--- Your instructions ---
Report every line of the data where the string "aerial" appears.

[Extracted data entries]
++++++
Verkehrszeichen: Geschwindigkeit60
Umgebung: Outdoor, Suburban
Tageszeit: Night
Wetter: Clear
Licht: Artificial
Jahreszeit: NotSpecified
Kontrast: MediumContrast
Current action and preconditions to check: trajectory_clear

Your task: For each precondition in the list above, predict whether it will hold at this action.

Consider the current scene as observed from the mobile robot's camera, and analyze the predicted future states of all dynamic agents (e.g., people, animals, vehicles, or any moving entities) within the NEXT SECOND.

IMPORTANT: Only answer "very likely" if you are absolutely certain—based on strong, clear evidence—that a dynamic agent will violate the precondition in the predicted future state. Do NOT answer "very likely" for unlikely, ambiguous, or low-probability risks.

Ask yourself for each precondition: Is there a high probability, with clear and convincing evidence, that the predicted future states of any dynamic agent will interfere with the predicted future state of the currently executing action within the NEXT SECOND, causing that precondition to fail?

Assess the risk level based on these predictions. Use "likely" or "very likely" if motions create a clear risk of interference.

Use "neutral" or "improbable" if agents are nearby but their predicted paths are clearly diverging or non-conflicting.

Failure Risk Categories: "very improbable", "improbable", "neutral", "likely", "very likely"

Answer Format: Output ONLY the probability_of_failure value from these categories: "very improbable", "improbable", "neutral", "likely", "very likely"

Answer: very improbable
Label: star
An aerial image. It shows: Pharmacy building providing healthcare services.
++++++
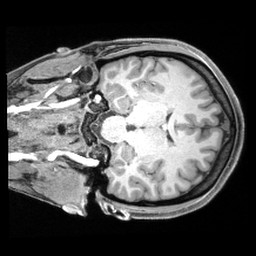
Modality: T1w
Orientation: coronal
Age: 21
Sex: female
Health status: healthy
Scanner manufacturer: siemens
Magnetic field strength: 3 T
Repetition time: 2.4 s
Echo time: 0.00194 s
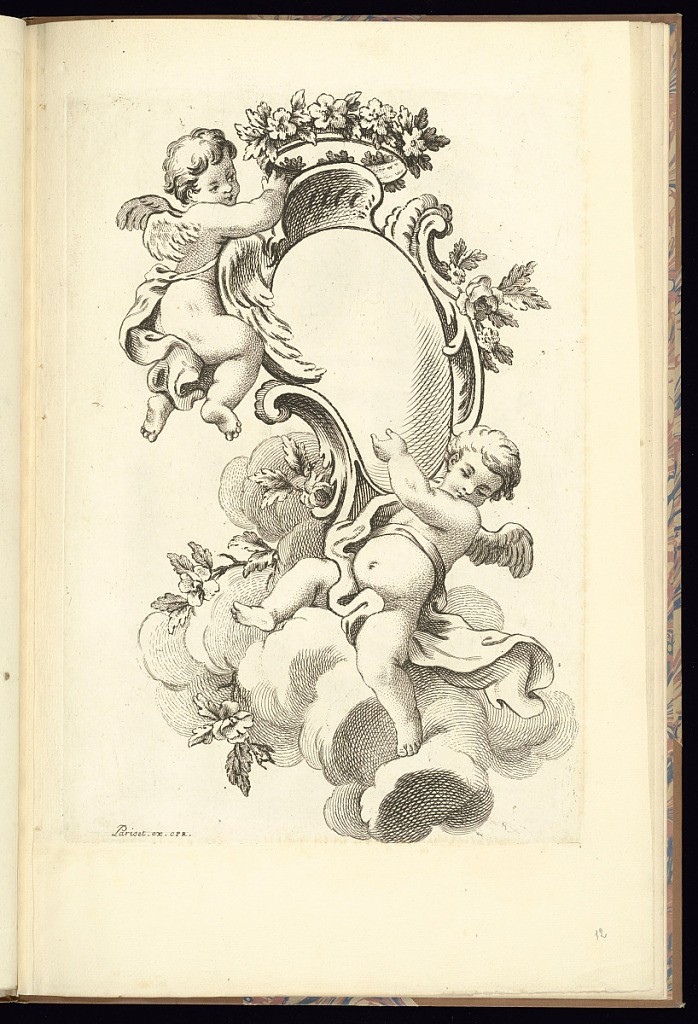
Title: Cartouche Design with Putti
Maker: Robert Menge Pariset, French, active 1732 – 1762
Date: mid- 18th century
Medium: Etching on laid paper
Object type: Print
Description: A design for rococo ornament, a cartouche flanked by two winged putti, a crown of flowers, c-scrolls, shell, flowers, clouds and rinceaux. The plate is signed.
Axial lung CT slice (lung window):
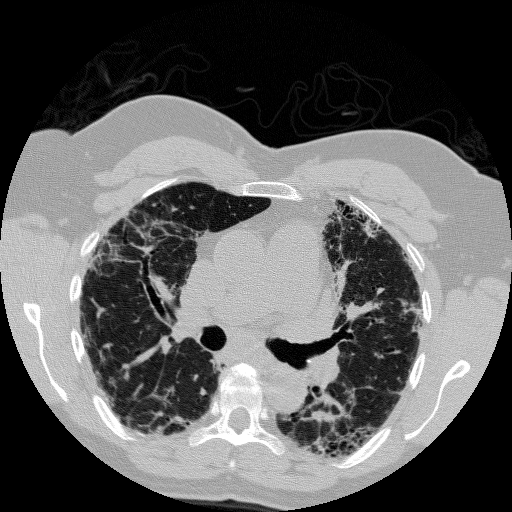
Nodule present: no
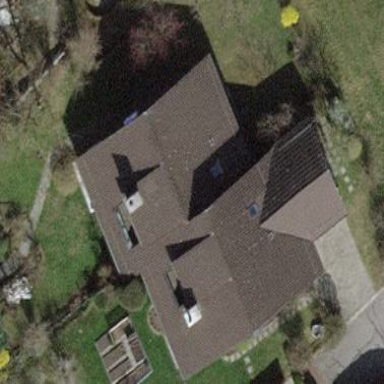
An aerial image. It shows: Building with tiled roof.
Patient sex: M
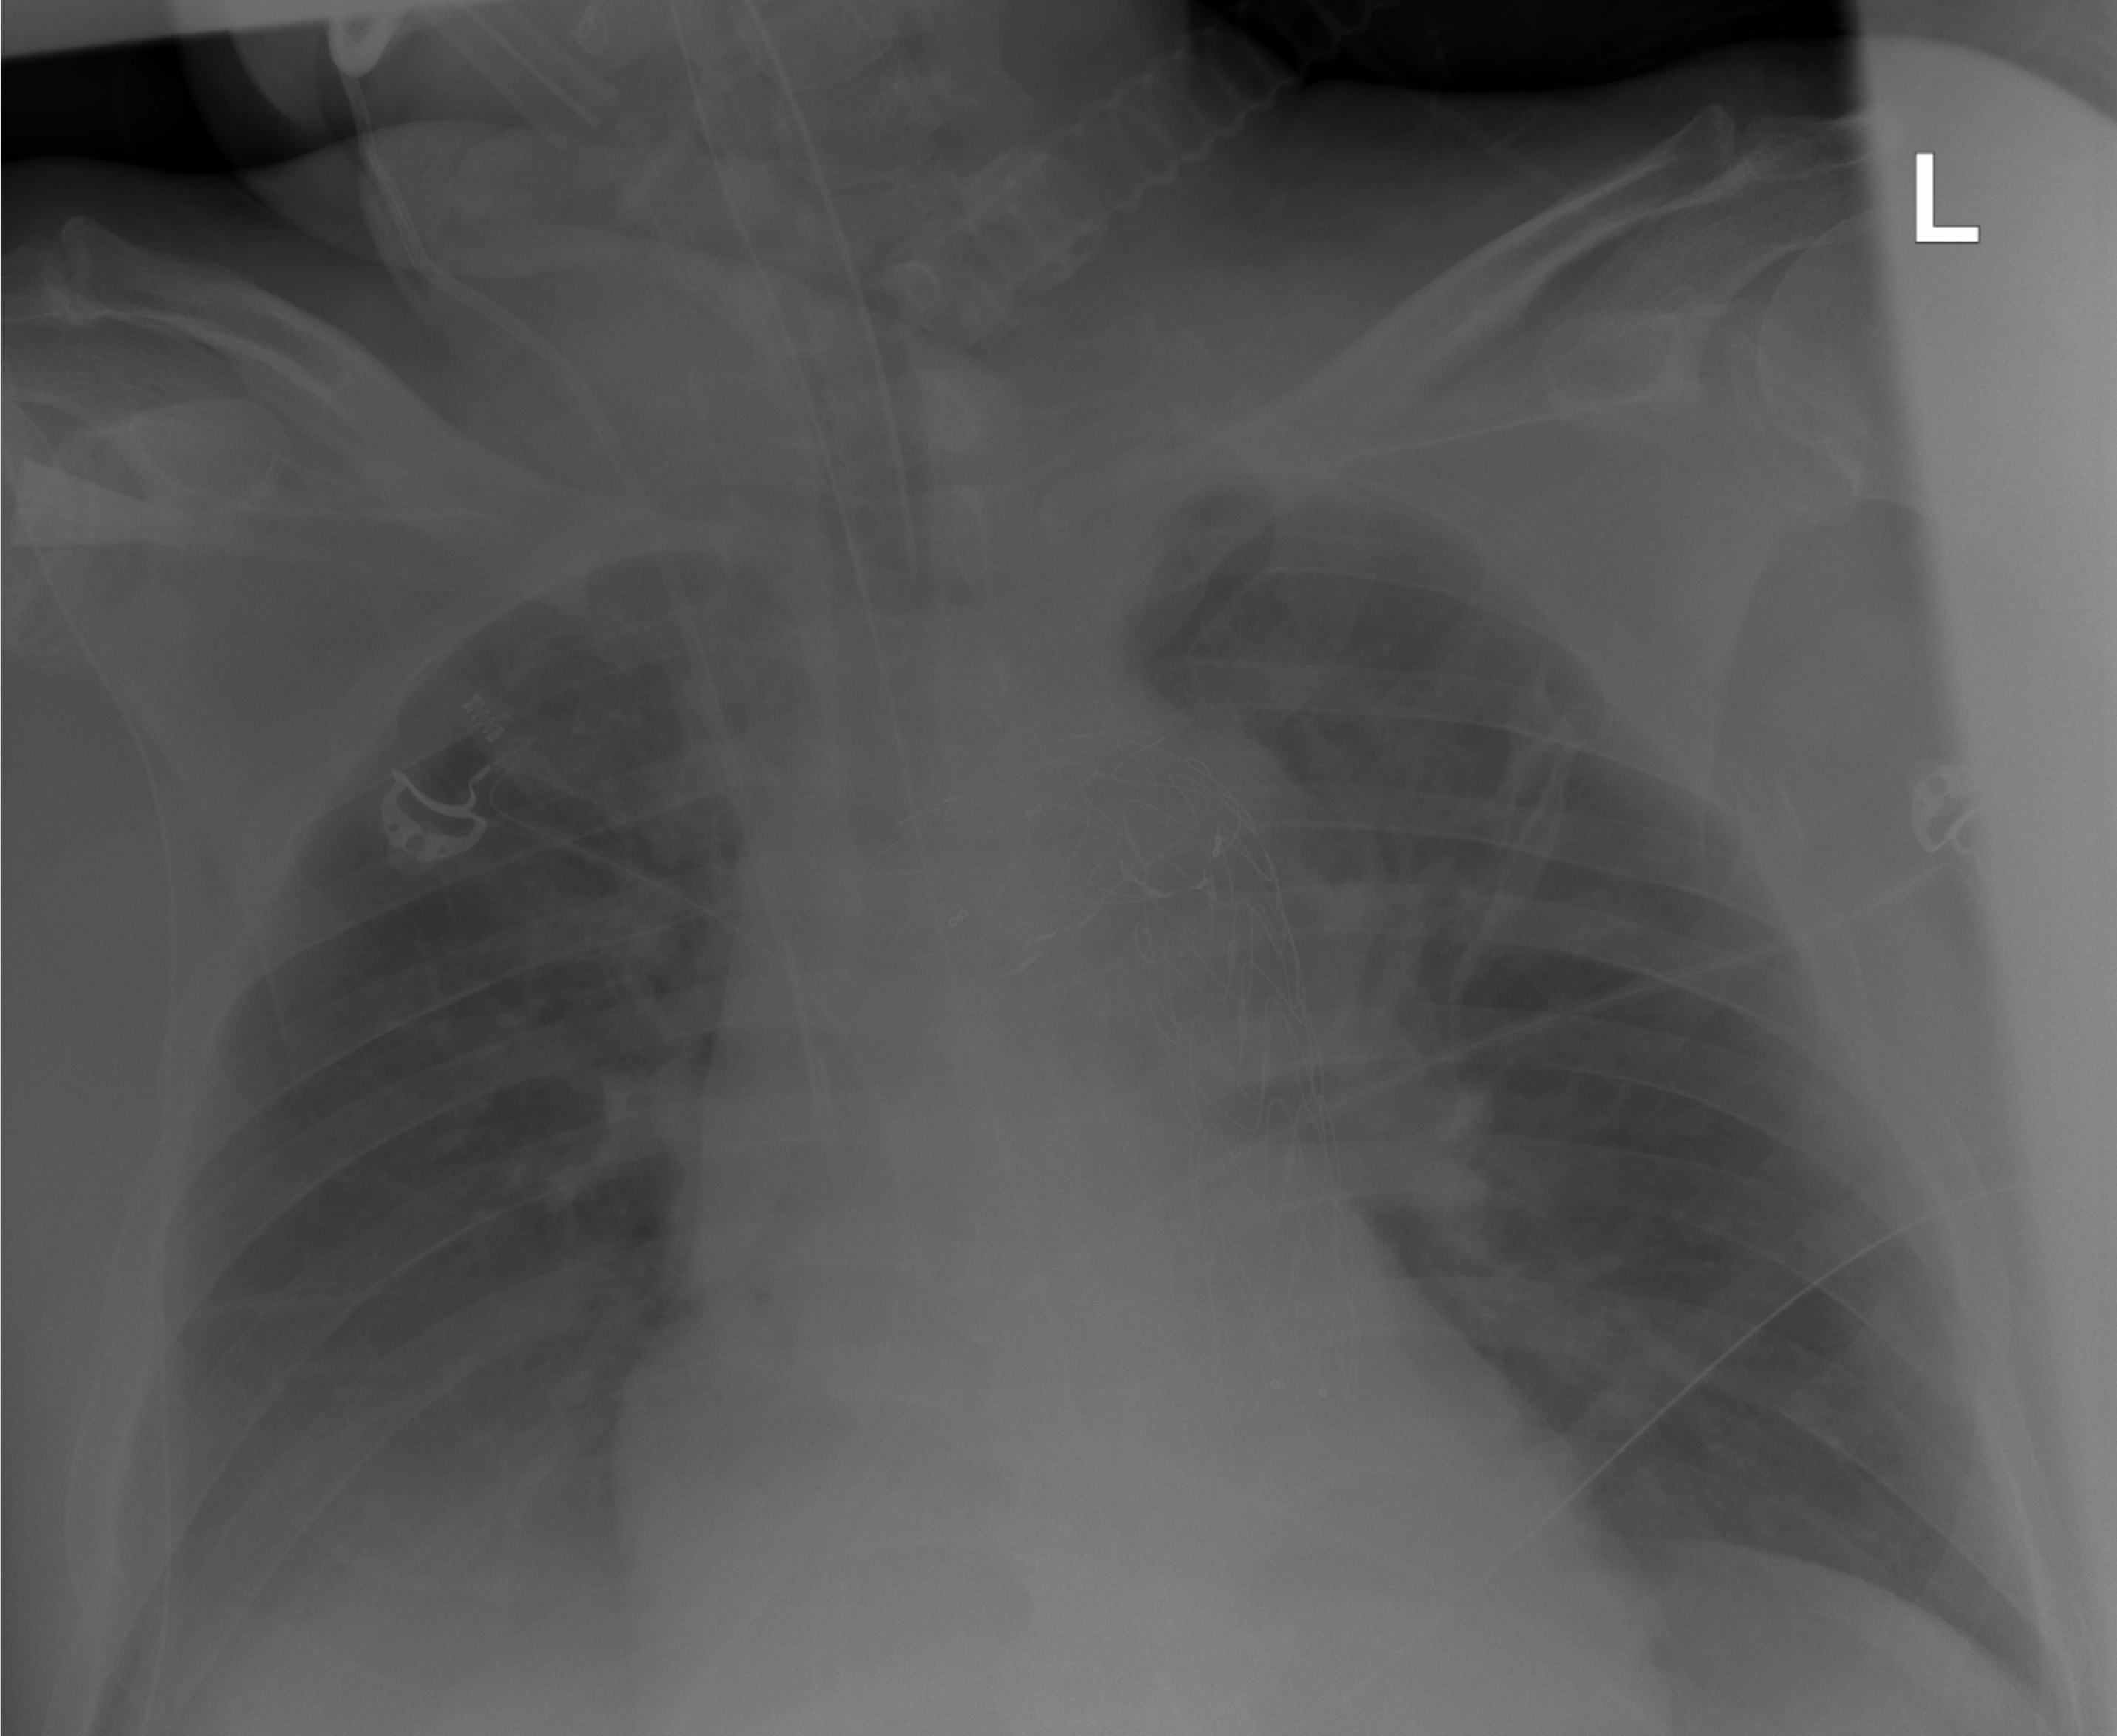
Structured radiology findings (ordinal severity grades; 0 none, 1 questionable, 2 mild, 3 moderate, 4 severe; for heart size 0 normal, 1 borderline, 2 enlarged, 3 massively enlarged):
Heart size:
++++++
--- Answer to this exercise ---
An aerial image. It shows: Pharmacy building providing healthcare services.
An aerial image. It shows: Building with tiled roof.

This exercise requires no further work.